• [Records supplied]

--- START ---

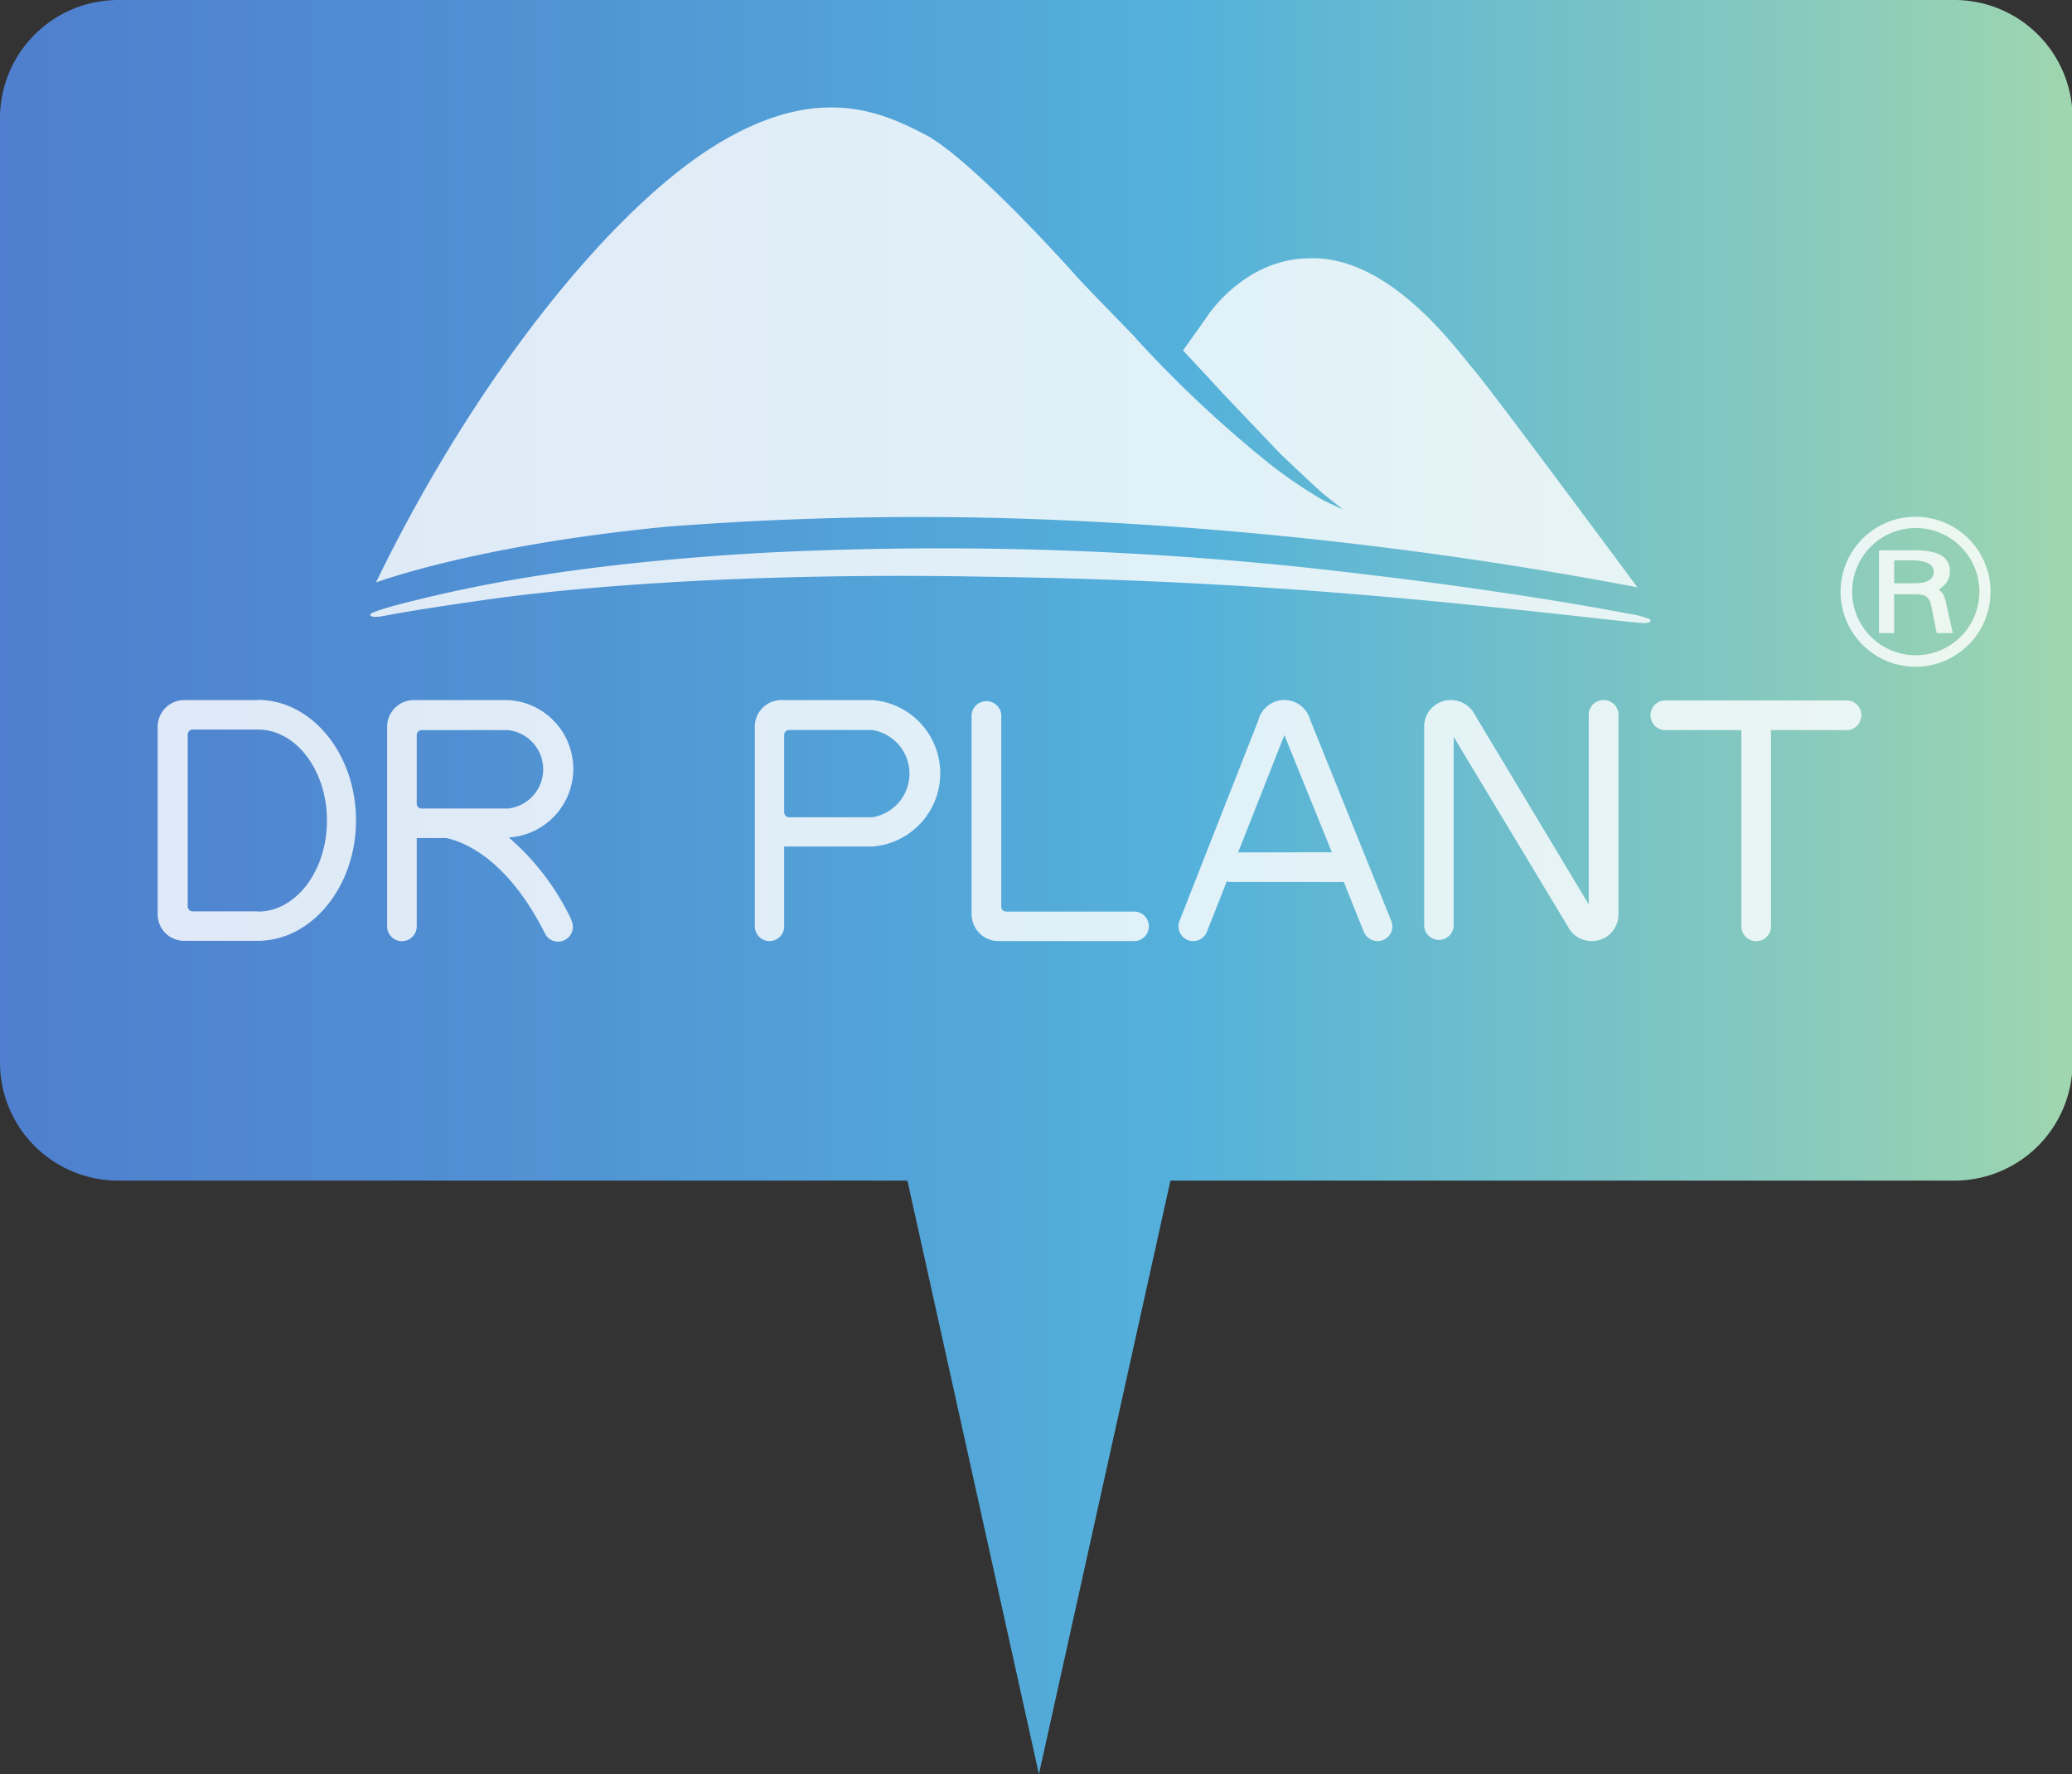 <svg xmlns="http://www.w3.org/2000/svg" xmlns:xlink="http://www.w3.org/1999/xlink" width="187.65" height="160.64" viewBox="0 0 187.65 160.64">
  <rect x="0" y="0" width="187.65" height="160.64" fill="#333333" stroke="none"/>
  <defs>
    <linearGradient id="未命名的渐变_20" data-name="未命名的渐变 20" y1="80.32" x2="187.65" y2="80.32" gradientUnits="userSpaceOnUse">
      <stop offset="0" stop-color="#4f7fce"/>
      <stop offset="0.2" stop-color="#508dd2"/>
      <stop offset="0.57" stop-color="#54b1db"/>
      <stop offset="0.94" stop-color="#94d0b6"/>
      <stop offset="1" stop-color="#9fd6af"/>
    </linearGradient>
  </defs>
  <g id="圖層_2" data-name="圖層 2">
    <g id="圖層_2-2" data-name="圖層 2">
      <path d="M177,0H10.7A10.7,10.7,0,0,0,0,10.7V96.2a10.7,10.7,0,0,0,10.7,10.7H82.18l11.91,53.74L106,106.9H177a10.7,10.7,0,0,0,10.7-10.7V10.7A10.7,10.7,0,0,0,177,0Z" fill="url(#未命名的渐变_20)"/>
      <g opacity="0.82">
        <g>
          <path d="M171.54,57.32h-1.37V49.83h3.42a6.21,6.21,0,0,1,1.24.12,3.12,3.12,0,0,1,1,.35,1.45,1.45,0,0,1,.57.61,1.64,1.64,0,0,1,.19.89,1.86,1.86,0,0,1-.24.85,2.1,2.1,0,0,1-.47.51l-.29.23a2.61,2.61,0,0,1,.24.22,1.29,1.29,0,0,1,.21.31,2.78,2.78,0,0,1,.2.66l.61,2.74H175.4l-.54-2.67a1.11,1.11,0,0,0-.25-.48.88.88,0,0,0-.46-.29,3.52,3.52,0,0,0-.84-.07h-1.77Zm0-6.58v2.07h1.85a4.77,4.77,0,0,0,.87-.08,1.45,1.45,0,0,0,.64-.33.93.93,0,0,0,.22-.63,1.11,1.11,0,0,0-.09-.4.92.92,0,0,0-.33-.32,1.72,1.72,0,0,0-.64-.22,3.53,3.53,0,0,0-.81-.09Z" fill="#fff"/>
          <path d="M173.49,46.79a6.79,6.79,0,1,0,6.78,6.79,6.79,6.79,0,0,0-6.78-6.79m0,12.54a5.76,5.76,0,1,1,5.77-5.75,5.75,5.75,0,0,1-5.77,5.75" fill="#fff"/>
        </g>
        <g>
          <g>
            <g>
              <path d="M167.31,63.42h-16.6a1.35,1.35,0,0,0,0,2.69h7V83.88a1.34,1.34,0,0,0,2.68,0V66.11h6.95a1.35,1.35,0,0,0,0-2.69" fill="#fff"/>
              <path d="M126,83.38l-7.36-18.25a2.58,2.58,0,0,0-.18-.46,2.61,2.61,0,0,0-.44-.58,2.38,2.38,0,0,0-1.29-.67,2.31,2.31,0,0,0-.83,0,2.38,2.38,0,0,0-1.29.67,2.32,2.32,0,0,0-.42.54,2.67,2.67,0,0,0-.23.59l-7.14,18.17a1.34,1.34,0,0,0,.75,1.73,1.21,1.21,0,0,0,.49.09,1.32,1.32,0,0,0,1.24-.84l1.81-4.57a1.23,1.23,0,0,0,.39.06h10.2l1.82,4.52a1.34,1.34,0,0,0,1.24.83,1.2,1.2,0,0,0,.5-.09,1.33,1.33,0,0,0,.74-1.74m-13.87-6.2,3.55-9,.64-1.62.65,1.61,3.65,9Z" fill="#fff"/>
              <path d="M145.21,63.39a1.33,1.33,0,0,0-1.33,1.33V81.88l-.78-1.29-9.68-16.12a1.09,1.09,0,0,0-.21-.27l-.1-.11a2.44,2.44,0,0,0-3.43,0,2.4,2.4,0,0,0-.7,1.68V83.88a1.34,1.34,0,0,0,2.67,0V66.71l.77,1.29L142,83.9a2.37,2.37,0,0,0,.44.61,2.44,2.44,0,0,0,3.43,0,2.47,2.47,0,0,0,.71-1.64V64.72a1.34,1.34,0,0,0-1.34-1.33" fill="#fff"/>
              <path d="M23.32,63.39H16.69a2.41,2.41,0,0,0-2.41,2.4v17a2.4,2.4,0,0,0,2.41,2.4h6.63c4.91,0,8.92-4.89,8.92-10.91s-4-10.91-8.92-10.91m0,19.15H17.4A.45.45,0,0,1,17,82.1V66.5a.45.45,0,0,1,.45-.44h5.92c3.44,0,6.24,3.69,6.24,8.24s-2.8,8.24-6.24,8.24" fill="#fff"/>
              <path d="M51.74,83.27a22.56,22.56,0,0,0-5.66-7.44A6.23,6.23,0,0,0,46,63.39H37.47a2.42,2.42,0,0,0-2.41,2.41V83.88a1.34,1.34,0,0,0,2.68,0v-8h2.68c1.63.35,5.53,1.89,8.94,8.65a1.3,1.3,0,0,0,1.18.73,1.23,1.23,0,0,0,.6-.14,1.34,1.34,0,0,0,.6-1.8m-14-10.56v-6.2a.44.44,0,0,1,.45-.45H46a3.57,3.57,0,0,1,0,7.1H38.19a.44.44,0,0,1-.45-.45" fill="#fff"/>
              <path d="M79,63.39H70.76a2.4,2.4,0,0,0-2.4,2.42V83.88a1.33,1.33,0,1,0,2.66,0V76.65h8a6.65,6.65,0,0,0,0-13.26M79,74H71.46a.45.45,0,0,1-.44-.45v-7a.45.45,0,0,1,.45-.45h6.86s.58,0,.66,0A4,4,0,0,1,79,74" fill="#fff"/>
              <path d="M102.59,82.54H91.12a.44.44,0,0,1-.44-.44V64.72a1.35,1.35,0,0,0-2.69,0V82.8a2.58,2.58,0,0,0,.09.62,2.43,2.43,0,0,0,1.72,1.71,2.15,2.15,0,0,0,.62.08h12.17a1.34,1.34,0,1,0,0-2.67" fill="#fff"/>
            </g>
            <path d="M93.63,47a365.21,365.21,0,0,1,54.66,6.18s-13.33-18-14.82-19.71-7.6-10.42-15-10.08c-5.89.1-9.2,5.34-9.2,5.34s-1.12,1.6-2.13,3c1.23,1.32,2.45,2.63,3.61,3.89l5.28,5.55C117.64,42.67,119,44,120,44.84l1.61,1.28s-.68-.29-1.89-.89a43.55,43.55,0,0,1-4.56-3.09A108.25,108.25,0,0,1,103,30.78a4.83,4.83,0,0,0-.37-.42c-2.13-2.19-4.71-4.84-5.32-5.54-1.08-1.23-9.62-10.62-13.53-12.64S74,7.39,64.62,13.26,43.06,34.16,34.05,52.74c0,0,9.08-3.4,26.47-5.06A294.9,294.9,0,0,1,93.63,47Z" fill="#fff"/>
          </g>
          <path d="M33.54,55.63c.05-.24,2.56-.9,3.41-1.11,4.82-1.2,14.33-3.46,32.27-4.47a316.5,316.5,0,0,1,48.49,1.28c18.61,2,29.2,4.14,30,4.28a7.5,7.5,0,0,1,1.72.46c.11.17.08.4-.85.33-1.48-.12-5.15-.56-11-1.18-13.72-1.44-28.12-2.72-48.29-3C69,51.83,52.71,53,43,54.45c-4.33.62-7,1.08-8.19,1.31S33.5,55.74,33.54,55.63Z" fill="#fff"/>
        </g>
      </g>
    </g>
  </g>
</svg>

--- END ---

• [What this task involves]
Copy the records above exactly, omitting every picture.

• [Expected answer]
 <svg xmlns="http://www.w3.org/2000/svg" xmlns:xlink="http://www.w3.org/1999/xlink" width="187.65" height="160.64" viewBox="0 0 187.65 160.64">
  <rect x="0" y="0" width="187.65" height="160.64" fill="#333333" stroke="none"/>
  <defs>
    <linearGradient id="未命名的渐变_20" data-name="未命名的渐变 20" y1="80.32" x2="187.65" y2="80.32" gradientUnits="userSpaceOnUse">
      <stop offset="0" stop-color="#4f7fce"/>
      <stop offset="0.2" stop-color="#508dd2"/>
      <stop offset="0.57" stop-color="#54b1db"/>
      <stop offset="0.94" stop-color="#94d0b6"/>
      <stop offset="1" stop-color="#9fd6af"/>
    </linearGradient>
  </defs>
  <g id="圖層_2" data-name="圖層 2">
    <g id="圖層_2-2" data-name="圖層 2">
      <path d="M177,0H10.7A10.7,10.7,0,0,0,0,10.7V96.2a10.7,10.7,0,0,0,10.7,10.7H82.18l11.91,53.74L106,106.9H177a10.7,10.7,0,0,0,10.7-10.7V10.7A10.7,10.7,0,0,0,177,0Z" fill="url(#未命名的渐变_20)"/>
      <g opacity="0.82">
        <g>
          <path d="M171.54,57.32h-1.37V49.83h3.42a6.21,6.21,0,0,1,1.24.12,3.12,3.12,0,0,1,1,.35,1.45,1.45,0,0,1,.57.61,1.64,1.64,0,0,1,.19.89,1.86,1.86,0,0,1-.24.85,2.1,2.1,0,0,1-.47.51l-.29.23a2.61,2.61,0,0,1,.24.22,1.29,1.29,0,0,1,.21.31,2.78,2.78,0,0,1,.2.66l.61,2.74H175.4l-.54-2.67a1.11,1.11,0,0,0-.25-.48.88.88,0,0,0-.46-.29,3.52,3.52,0,0,0-.84-.07h-1.77Zm0-6.58v2.07h1.85a4.77,4.77,0,0,0,.87-.08,1.45,1.45,0,0,0,.64-.33.93.93,0,0,0,.22-.63,1.11,1.11,0,0,0-.09-.4.92.92,0,0,0-.33-.32,1.72,1.72,0,0,0-.64-.22,3.53,3.53,0,0,0-.81-.09Z" fill="#fff"/>
          <path d="M173.49,46.79a6.79,6.79,0,1,0,6.78,6.79,6.79,6.79,0,0,0-6.78-6.79m0,12.54a5.76,5.76,0,1,1,5.77-5.75,5.75,5.75,0,0,1-5.77,5.75" fill="#fff"/>
        </g>
        <g>
          <g>
            <g>
              <path d="M167.31,63.42h-16.6a1.35,1.35,0,0,0,0,2.69h7V83.88a1.34,1.34,0,0,0,2.68,0V66.11h6.95a1.35,1.35,0,0,0,0-2.69" fill="#fff"/>
              <path d="M126,83.38l-7.36-18.25a2.58,2.58,0,0,0-.18-.46,2.61,2.61,0,0,0-.44-.58,2.38,2.38,0,0,0-1.29-.67,2.31,2.31,0,0,0-.83,0,2.38,2.38,0,0,0-1.29.67,2.32,2.32,0,0,0-.42.54,2.67,2.67,0,0,0-.23.59l-7.14,18.17a1.34,1.34,0,0,0,.75,1.73,1.21,1.21,0,0,0,.49.09,1.32,1.32,0,0,0,1.24-.84l1.81-4.57a1.23,1.23,0,0,0,.39.06h10.2l1.82,4.52a1.34,1.34,0,0,0,1.24.83,1.2,1.2,0,0,0,.5-.09,1.33,1.33,0,0,0,.74-1.74m-13.87-6.2,3.55-9,.64-1.62.65,1.61,3.65,9Z" fill="#fff"/>
              <path d="M145.21,63.39a1.33,1.33,0,0,0-1.33,1.33V81.88l-.78-1.29-9.68-16.12a1.09,1.09,0,0,0-.21-.27l-.1-.11a2.44,2.44,0,0,0-3.43,0,2.4,2.4,0,0,0-.7,1.68V83.88a1.34,1.34,0,0,0,2.67,0V66.71l.77,1.29L142,83.9a2.37,2.37,0,0,0,.44.61,2.44,2.44,0,0,0,3.43,0,2.47,2.47,0,0,0,.71-1.64V64.72a1.34,1.34,0,0,0-1.34-1.33" fill="#fff"/>
              <path d="M23.32,63.39H16.69a2.41,2.41,0,0,0-2.41,2.4v17a2.4,2.4,0,0,0,2.41,2.4h6.63c4.91,0,8.92-4.89,8.92-10.91s-4-10.91-8.92-10.91m0,19.15H17.4A.45.45,0,0,1,17,82.1V66.5a.45.45,0,0,1,.45-.44h5.92c3.44,0,6.24,3.69,6.24,8.24s-2.8,8.24-6.24,8.24" fill="#fff"/>
              <path d="M51.74,83.27a22.56,22.56,0,0,0-5.66-7.44A6.23,6.23,0,0,0,46,63.39H37.47a2.42,2.42,0,0,0-2.41,2.41V83.88a1.34,1.34,0,0,0,2.68,0v-8h2.68c1.63.35,5.53,1.89,8.94,8.65a1.3,1.3,0,0,0,1.18.73,1.23,1.23,0,0,0,.6-.14,1.34,1.34,0,0,0,.6-1.8m-14-10.56v-6.2a.44.44,0,0,1,.45-.45H46a3.57,3.57,0,0,1,0,7.1H38.19a.44.44,0,0,1-.45-.45" fill="#fff"/>
              <path d="M79,63.39H70.76a2.4,2.4,0,0,0-2.4,2.42V83.88a1.33,1.33,0,1,0,2.66,0V76.65h8a6.65,6.65,0,0,0,0-13.26M79,74H71.46a.45.45,0,0,1-.44-.45v-7a.45.45,0,0,1,.45-.45h6.86s.58,0,.66,0A4,4,0,0,1,79,74" fill="#fff"/>
              <path d="M102.59,82.54H91.12a.44.44,0,0,1-.44-.44V64.72a1.35,1.35,0,0,0-2.69,0V82.8a2.58,2.58,0,0,0,.09.62,2.43,2.43,0,0,0,1.72,1.71,2.15,2.15,0,0,0,.62.08h12.17a1.34,1.34,0,1,0,0-2.67" fill="#fff"/>
            </g>
            <path d="M93.63,47a365.21,365.21,0,0,1,54.66,6.18s-13.33-18-14.82-19.71-7.6-10.42-15-10.08c-5.89.1-9.2,5.34-9.2,5.34s-1.12,1.6-2.13,3c1.23,1.32,2.45,2.63,3.61,3.89l5.28,5.55C117.64,42.67,119,44,120,44.84l1.61,1.28s-.68-.29-1.89-.89a43.55,43.55,0,0,1-4.56-3.09A108.25,108.25,0,0,1,103,30.78a4.83,4.83,0,0,0-.37-.42c-2.13-2.19-4.71-4.84-5.32-5.54-1.08-1.23-9.62-10.62-13.53-12.64S74,7.39,64.62,13.26,43.06,34.16,34.05,52.74c0,0,9.08-3.4,26.47-5.06A294.9,294.9,0,0,1,93.63,47Z" fill="#fff"/>
          </g>
          <path d="M33.54,55.63c.05-.24,2.56-.9,3.41-1.11,4.82-1.2,14.33-3.46,32.27-4.47a316.5,316.5,0,0,1,48.49,1.28c18.61,2,29.2,4.14,30,4.28a7.5,7.5,0,0,1,1.72.46c.11.17.08.4-.85.33-1.48-.12-5.15-.56-11-1.18-13.72-1.44-28.12-2.72-48.29-3C69,51.83,52.71,53,43,54.45c-4.33.62-7,1.08-8.19,1.31S33.5,55.74,33.54,55.63Z" fill="#fff"/>
        </g>
      </g>
    </g>
  </g>
</svg>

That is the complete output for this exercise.